Other issue is that OpenCV color channels ordering is BGR (not RGB).

Replace target_color = (245,480,176) with:

target_color = (176, 180, 245)  # 176 applies the blue color channel

For testing we may save the mask to a PNG file.

Updated code sample:

import cv2
import os
import csv
import numpy as np

# Define the target color and color range (in RGB format)
#target_color = (245,480,176)
target_color = (176, 180, 245)  # OpenCV uses BGR channel ordring, and not RGB.
color_range = 20 #50  # range of 20 looks fine (at least for the first image).

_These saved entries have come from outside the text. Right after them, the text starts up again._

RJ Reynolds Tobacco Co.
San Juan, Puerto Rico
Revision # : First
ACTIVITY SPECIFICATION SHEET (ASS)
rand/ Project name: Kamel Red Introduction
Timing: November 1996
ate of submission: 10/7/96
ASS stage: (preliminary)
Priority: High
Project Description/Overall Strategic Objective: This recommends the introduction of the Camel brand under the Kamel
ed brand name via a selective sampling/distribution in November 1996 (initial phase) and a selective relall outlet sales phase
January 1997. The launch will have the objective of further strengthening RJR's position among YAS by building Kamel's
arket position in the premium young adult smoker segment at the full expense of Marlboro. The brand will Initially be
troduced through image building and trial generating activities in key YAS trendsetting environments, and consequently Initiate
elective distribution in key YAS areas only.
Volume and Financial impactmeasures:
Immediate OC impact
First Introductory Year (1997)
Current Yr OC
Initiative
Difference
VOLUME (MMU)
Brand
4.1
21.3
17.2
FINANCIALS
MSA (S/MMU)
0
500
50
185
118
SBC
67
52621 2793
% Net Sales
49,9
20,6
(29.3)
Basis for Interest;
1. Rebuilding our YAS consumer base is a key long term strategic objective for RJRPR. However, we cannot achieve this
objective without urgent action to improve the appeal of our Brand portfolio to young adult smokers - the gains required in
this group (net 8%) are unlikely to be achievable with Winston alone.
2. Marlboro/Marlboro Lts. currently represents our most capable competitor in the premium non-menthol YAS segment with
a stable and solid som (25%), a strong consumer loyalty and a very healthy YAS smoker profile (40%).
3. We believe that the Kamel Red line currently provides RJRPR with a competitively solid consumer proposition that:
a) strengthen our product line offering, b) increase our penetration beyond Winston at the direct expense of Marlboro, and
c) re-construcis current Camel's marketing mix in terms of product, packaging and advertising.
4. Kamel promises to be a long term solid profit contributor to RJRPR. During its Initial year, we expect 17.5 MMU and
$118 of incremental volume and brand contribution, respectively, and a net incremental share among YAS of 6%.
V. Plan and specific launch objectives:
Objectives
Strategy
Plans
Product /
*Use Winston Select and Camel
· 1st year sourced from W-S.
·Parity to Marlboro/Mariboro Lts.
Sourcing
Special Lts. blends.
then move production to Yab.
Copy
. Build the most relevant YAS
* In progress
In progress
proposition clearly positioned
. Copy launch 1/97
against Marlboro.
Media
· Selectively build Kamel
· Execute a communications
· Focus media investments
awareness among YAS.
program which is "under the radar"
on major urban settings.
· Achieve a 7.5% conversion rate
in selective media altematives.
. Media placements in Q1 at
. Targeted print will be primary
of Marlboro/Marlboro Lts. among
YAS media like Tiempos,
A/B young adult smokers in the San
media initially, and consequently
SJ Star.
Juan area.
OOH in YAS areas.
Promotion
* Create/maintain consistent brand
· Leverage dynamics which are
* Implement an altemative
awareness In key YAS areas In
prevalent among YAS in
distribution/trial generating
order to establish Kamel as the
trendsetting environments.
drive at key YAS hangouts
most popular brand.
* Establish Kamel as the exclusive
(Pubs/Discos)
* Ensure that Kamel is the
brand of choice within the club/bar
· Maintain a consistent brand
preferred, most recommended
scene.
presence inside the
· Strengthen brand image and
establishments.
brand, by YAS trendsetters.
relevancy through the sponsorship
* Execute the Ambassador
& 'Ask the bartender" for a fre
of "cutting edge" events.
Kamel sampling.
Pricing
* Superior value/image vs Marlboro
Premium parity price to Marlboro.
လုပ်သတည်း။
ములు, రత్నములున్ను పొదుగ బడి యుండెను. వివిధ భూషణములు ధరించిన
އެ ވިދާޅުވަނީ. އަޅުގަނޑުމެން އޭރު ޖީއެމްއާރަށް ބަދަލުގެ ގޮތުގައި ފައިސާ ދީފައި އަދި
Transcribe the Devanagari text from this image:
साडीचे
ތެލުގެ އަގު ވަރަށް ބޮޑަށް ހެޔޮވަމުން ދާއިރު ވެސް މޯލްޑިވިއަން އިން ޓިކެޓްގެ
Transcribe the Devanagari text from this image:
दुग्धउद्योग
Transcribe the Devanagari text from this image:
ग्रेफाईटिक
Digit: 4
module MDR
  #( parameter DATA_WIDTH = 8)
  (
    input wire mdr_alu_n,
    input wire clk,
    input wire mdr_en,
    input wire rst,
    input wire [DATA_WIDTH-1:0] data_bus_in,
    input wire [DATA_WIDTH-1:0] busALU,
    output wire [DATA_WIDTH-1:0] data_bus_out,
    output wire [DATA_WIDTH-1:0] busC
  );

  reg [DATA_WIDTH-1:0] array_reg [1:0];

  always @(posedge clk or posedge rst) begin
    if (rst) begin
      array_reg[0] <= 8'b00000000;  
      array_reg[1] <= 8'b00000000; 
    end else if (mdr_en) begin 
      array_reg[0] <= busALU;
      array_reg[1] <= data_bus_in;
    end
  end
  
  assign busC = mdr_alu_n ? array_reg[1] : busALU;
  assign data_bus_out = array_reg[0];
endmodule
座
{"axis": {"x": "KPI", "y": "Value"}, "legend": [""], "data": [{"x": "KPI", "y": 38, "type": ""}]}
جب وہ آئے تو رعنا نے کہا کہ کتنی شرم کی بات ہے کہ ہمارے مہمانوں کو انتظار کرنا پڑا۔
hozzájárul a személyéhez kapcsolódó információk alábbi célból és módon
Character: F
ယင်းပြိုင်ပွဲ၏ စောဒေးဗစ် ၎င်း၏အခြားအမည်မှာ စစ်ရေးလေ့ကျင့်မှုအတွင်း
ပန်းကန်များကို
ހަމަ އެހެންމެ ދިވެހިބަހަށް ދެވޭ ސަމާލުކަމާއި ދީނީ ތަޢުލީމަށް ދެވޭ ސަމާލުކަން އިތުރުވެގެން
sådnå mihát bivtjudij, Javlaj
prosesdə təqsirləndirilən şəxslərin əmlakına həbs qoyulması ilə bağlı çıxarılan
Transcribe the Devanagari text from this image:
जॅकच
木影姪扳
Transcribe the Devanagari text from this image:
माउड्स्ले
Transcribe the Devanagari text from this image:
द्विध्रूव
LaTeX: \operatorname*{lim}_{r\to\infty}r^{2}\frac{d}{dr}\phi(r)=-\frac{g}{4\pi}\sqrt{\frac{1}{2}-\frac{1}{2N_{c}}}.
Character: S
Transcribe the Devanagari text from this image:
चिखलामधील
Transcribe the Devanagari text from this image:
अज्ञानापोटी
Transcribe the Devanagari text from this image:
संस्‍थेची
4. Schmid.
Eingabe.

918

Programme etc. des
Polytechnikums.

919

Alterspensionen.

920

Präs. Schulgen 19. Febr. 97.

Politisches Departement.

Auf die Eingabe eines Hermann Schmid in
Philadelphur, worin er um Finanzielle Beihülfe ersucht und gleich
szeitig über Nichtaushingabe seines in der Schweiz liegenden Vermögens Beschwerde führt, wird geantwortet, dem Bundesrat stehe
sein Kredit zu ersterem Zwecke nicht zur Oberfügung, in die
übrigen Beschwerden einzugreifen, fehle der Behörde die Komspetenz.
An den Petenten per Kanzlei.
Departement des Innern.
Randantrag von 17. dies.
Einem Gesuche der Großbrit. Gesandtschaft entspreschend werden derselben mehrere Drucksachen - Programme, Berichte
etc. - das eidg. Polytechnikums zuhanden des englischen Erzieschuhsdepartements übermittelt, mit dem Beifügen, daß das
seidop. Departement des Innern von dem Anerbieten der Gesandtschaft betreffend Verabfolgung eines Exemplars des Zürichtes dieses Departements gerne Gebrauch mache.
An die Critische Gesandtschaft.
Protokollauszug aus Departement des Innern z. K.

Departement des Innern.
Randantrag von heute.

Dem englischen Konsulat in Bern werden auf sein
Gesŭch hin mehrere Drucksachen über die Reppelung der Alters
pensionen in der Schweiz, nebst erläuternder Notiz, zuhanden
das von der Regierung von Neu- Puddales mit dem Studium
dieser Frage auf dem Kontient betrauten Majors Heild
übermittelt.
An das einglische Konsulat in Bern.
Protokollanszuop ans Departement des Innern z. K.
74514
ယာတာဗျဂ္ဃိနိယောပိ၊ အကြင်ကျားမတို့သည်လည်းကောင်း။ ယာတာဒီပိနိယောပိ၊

# Define the folder containing the images
folder = "Data/pictures/renamed/"

# Define the path to the output CSV file
output_file = "Data/pictures/area.csv"

# Open the CSV file for writing
with open(output_file, 'w', newline='') as csvfile:
    writer = csv.writer(csvfile)

    # Write the header row
    writer.writerow(["Filename", "Percentage"])

    # Loop over every file in the folder
    for filename in os.listdir(folder):

        # Make sure the file is an image
        if filename.endswith(".jpg") or filename.endswith(".jpeg") or filename.endswith(".png"):

            # Construct the full path to the image
            filepath = os.path.join(folder, filename)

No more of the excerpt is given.